Task to carry out »
Look below for the line that has "Proportion per cent. to". Set down the lines from there through the line that has "Civil Surgeons visited", exactly as written.
=== Task material ===
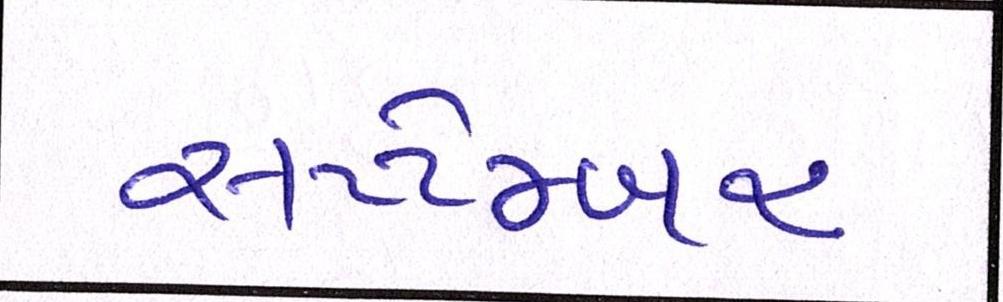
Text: સપ્ટેમ્બર
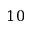
1 0
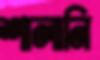
শালানি
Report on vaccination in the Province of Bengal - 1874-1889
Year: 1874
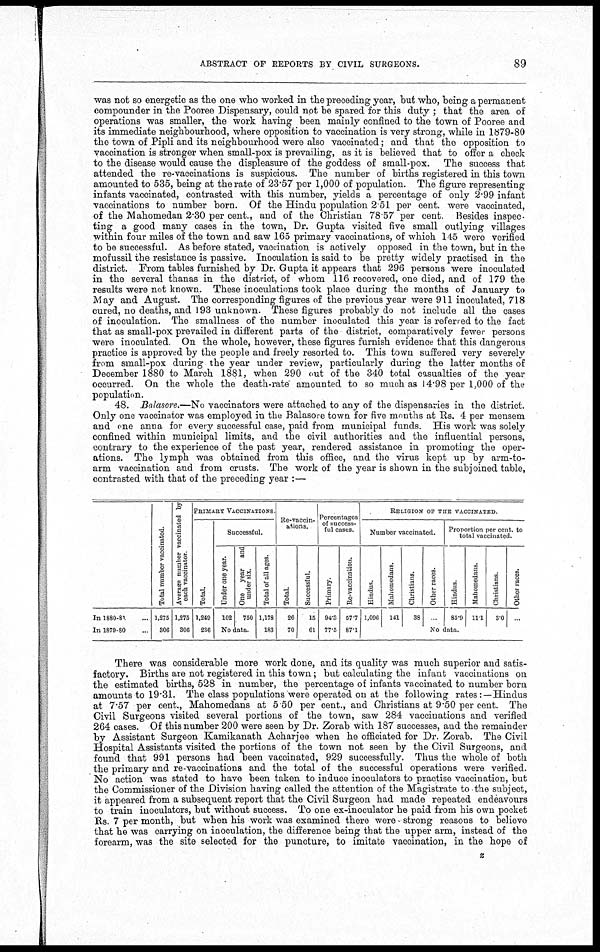
ABSTRACT OF REPORTS BY CIVIL SURGEONS.
89
was not so energetic as the one who worked in the preceding year, but who, being a permanent
compounder in the Pooree Dispensary, could not be spared for this duty ; that the area of
operations was smaller, the work having been mainly confined to the town of Pooree and
its immediate neighbourhood, where opposition to vaccination is very strong, while in 1879-80
the town of Pipli and its neighbourhood were also vaccinated; and that the opposition to
vaccination is stronger when small-pox is prevailing, as it is believed that to offer a check
to the disease would cause the displeasure of the goddess of small-pox. The success that
attended the re-vaccinations is suspicious. The number of births registered in this town
amounted to 535, being at the rate of 23.57 per 1,000 of population. The figure representing
infants vaccinated, contrasted with this number, yields a percentage of only 2.99 infant
vaccinations to number born. Of the Hindu population 2.51 per cent. were vaccinated,
of the Mahomedan 2.30 per cent., and of the Christian 78.57 per cent. Besides inspec-
ting a good many cases in the town, Dr. Gupta visited five small outlying villages
within four miles of the town and saw 165 primary vaccinations, of which 145 were verified
to be successful. As before stated, vaccination is actively opposed in the town, but in the
mofussil the resistance is passive. Inoculation is said to be pretty widely practised in the
district. From tables furnished by Dr. Gupta it appears that 296 persons were inoculated
in the several thanas in the district, of whom 116 recovered, one died, and of 179 the
results were not known. These inoculations took place during the months of January to
May and August. The corresponding figures of the previous year were 911 inoculated, 718
cured, no deaths, and 193 unknown. These figures probably do not include all the cases
of inoculation. The smallness of the number inoculated this year is referred to the fact
that as small-pox prevailed in different parts of the district, comparatively fewer persons
were inoculated. On the whole, however, these figures furnish evidence that this dangerous
practice is approved by the people and freely resorted to. This town suffered very severely
from small-pox during the year under review, particularly during the latter months of
December 1880 to March 1881, when 290 out of the 340 total casualties of the year
occurred. On the whole the death-rate' amounted to so much as 14.98 per 1,000 of the
population.
48. Balasore.—No vaccinators were attached to any of the dispensaries in the district.
Only one vaccinator was employed in the Balasore town for five months at Rs. 4 per mensem
and one anna for every successful case, paid from municipal funds. His work was solely
confined within municipal limits, and the civil authorities and the influential persons,
contrary to the experience of the past year, rendered assistance in promoting the oper-
ations. The lymph was obtained from this office, and the virus kept up by arm-to-
arm vaccination and from crusts. The work of the year is shown in the subjoined table,
contrasted with that of the preceding year :—
In 1880-81...
In 1879-80...
Total number vaccinated.
1,275
306
Average number vaccinated by
each vaccinator.
1,275
306
PRIMARY VACCINATIONS.
Total.
1,249
236
Successful.
Under one year.
102
One year
and
under six.
750
No data.
Total of all ages.
1,178
183
Re-vaccin-
ations.
Total.
26
70
Successful.
15
61
Percentages
of success-
ful cases.
Primary.
94.3
77.5
Re-vaccination.
57.7
87.1
RELIGION OF THE VACCINATED.
Number vaccinated.
Hindus.
1,096
Mahomedans.
141
Christians.
38
Other races.
...
Proportion per cent. to
total vaccinated.
Hindus.
85.9
Mahomedans.
11.1
Christians.
3.0
Other races.
...
No data.
There was considerable more work done, and its quality was much superior and satis-
factory. Births are not registered in this town; but calculating the infant vaccinations on
the estimated births, 528 in number, the percentage of infants vaccinated to number born
amounts to 19.31. The class populations were operated on at the following rates:—Hindus
at 7.57 per cent., Mahomedans at 5 50 per cent., and Christians at 9.50 per cent. The
Civil Surgeons visited several portions of the town, saw 284 vaccinations and verified
264 cases. Of this number 200 were seen by Dr. Zorab with 187 successes, and the remainder
by Assistant Surgeon Kamikanath Acharjee when he officiated for Dr. Zorab. The Civil
Hospital Assistants visited the portions of the town not seen by the Civil Surgeons, and
found that 991 persons had been vaccinated, 929 successfully. Thus the whole of both
the primary and re-vaccinations and the total of the successful operations were verified.
No action was stated to have been taken to induce inoculators to practise vaccination, but
the Commissioner of the Division having called the attention of the Magistrate to the subject,
it appeared from a subsequent report that the Civil Surgeon had made repeated endeavours
to train inoculators, but without success, To one ex-inoculator he paid from his own pocket
Rs. 7 per month, but when his work was examined there were strong reasons to believe
that he was carrying on inoculation, the difference being that the upper arm, instead of the
forearm, was the site selected for the puncture, to imitate vaccination, in the hope of
z
===
Task answer »
Proportion per cent. to
total vaccinated.
Hindus.
85.9
Mahomedans.
11.1
Christians.
3.0
Other races.
...
No data.
There was considerable more work done, and its quality was much superior and satis-
factory. Births are not registered in this town; but calculating the infant vaccinations on
the estimated births, 528 in number, the percentage of infants vaccinated to number born
amounts to 19.31. The class populations were operated on at the following rates:—Hindus
at 7.57 per cent., Mahomedans at 5 50 per cent., and Christians at 9.50 per cent. The
Civil Surgeons visited several portions of the town, saw 284 vaccinations and verified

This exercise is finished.